Nearly seven years ago, Hurricane Katrina wreaked havoc on the middle part of the Gulf Coast, causing immense property damage and costing over 1,800 human lives. It also showed the ineffectuality of federal, state, and local government when dealing with such problems.

This story today doesn’t look at the fecklessness of Governor Blanco or of Mayor Nagin, Mr. Chocolate City, in New Orleans. I’ve written about both of these a number of times; now they’re gone, presumably eating gumbo somewhere. This is a story about why the federal government decided to throw a ton of money to rebuild New Orleans, where the money went, and what it actually accomplished.


As we recall, the federal government’s response was tepid at best. The media made much of President Bush’s presumed lack of interest in the aftermath of the hurricane, causing a huge public relations debacle for him. His administration, in an effort to mitigate the political ruckus, decided to allocate money for a number of purposes. Some of the aid was to assist people who were homeless, or who decided to remain evacuated from New Orleans. This money, as is well known, was wasted by a number of people that it was intended to help. Each evacuee received a few thousand dollars to start over; at least tv sales in Baton Rouge and Houston multiplied, and casino revenues went through the roof.

In another interesting move, the federal government provided small trailers for those who wanted to return to the Big Easy. These homes were too small for any family to occupy for an extended period of time; luckily they were the perfect size for a hunting cabin. So, people would go to work in the morning and return home to find emptiness. But the Mississippi hunting camps filled up nicely.

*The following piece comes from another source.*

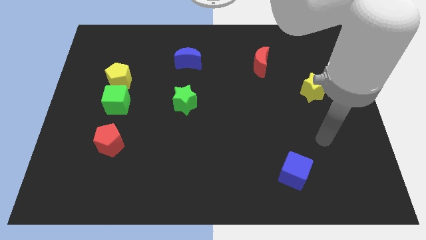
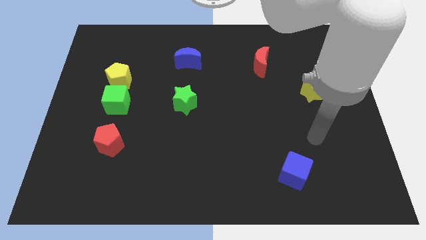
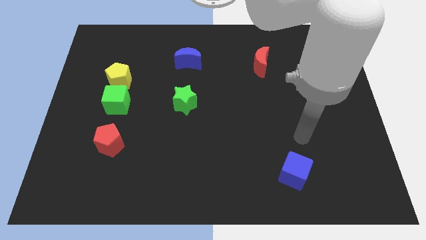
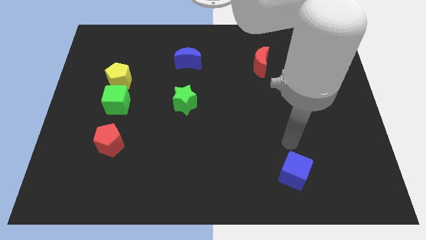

All of the above is well known. But something new came out today in the Baton Rouge Advocate. Because businesses left NOLA in droves, the people who returned there didn’t have work available unless they wanted to be employed in a restaurant or a hotel. It was also impossible to buy almost anything. I remember, the following January, driving throughout the downtown and CBD looking in vain for a gas station to return home. Seeing a police car, we got out and went to ask if they knew of a service station that was open for business. The two police reacted in an interesting fashion. They quickly emerged from their vehicle and aimed their guns. We returned to our car and resumed the search.

Anyway, the feds thought that it was sort of bad to have a city without businesses in it. So, they provided Louisiana with $7.8 BILLION in Gulf Opportunity zero interest loans to get firms to re-establish them. Unfortunately, it provided the Pelican State with a lot of leeway in how the funds were allocated. So, this many years later, the shopping malls that used to dot New Orleans remain empty; in order to buy normal household supplies and groceries, residents have to drive out of the city.

Where did the money go? Well, New Orleans did receive 3% of it. Baton Rouge, which was unaffected by Katrina or Hurricane Rita a few weeks later, received 16%. The rest was spread throughout the state. But in the minds of people here, the money wasn’t wasted. Exxon, received $500 million to expand its refineries. This worked out well, since the oil giant had been planning to expand prior to the hurricane; now it could do it on our dime. The local airport built a hanger for $16 million, and then leased it to Dow Chemical. Dow responded by adding 8 workers to its payroll. New Orleans wasn’t left completely out, though. The airport there received $97 million, which was used to add rental cars. The state has also used the funds to engage in bidding wars for firms that wanted to expand into the region.

Look, I’m sensitive to the problems faced by the residents after this disaster. We had friends stay with us for weeks until they could find suitable housing here. But when the federal government passes out money like Halloween candy, states are going to spend it a lot more carelessly than if they had to tax their own residents. Now, New Orleans is faced with the same problems of poor housing, poor education, and incredibly high crime rates, as it did before, only worse, and now everyone realizes there is no hope for this city. Happy Mardi Gras, everyone.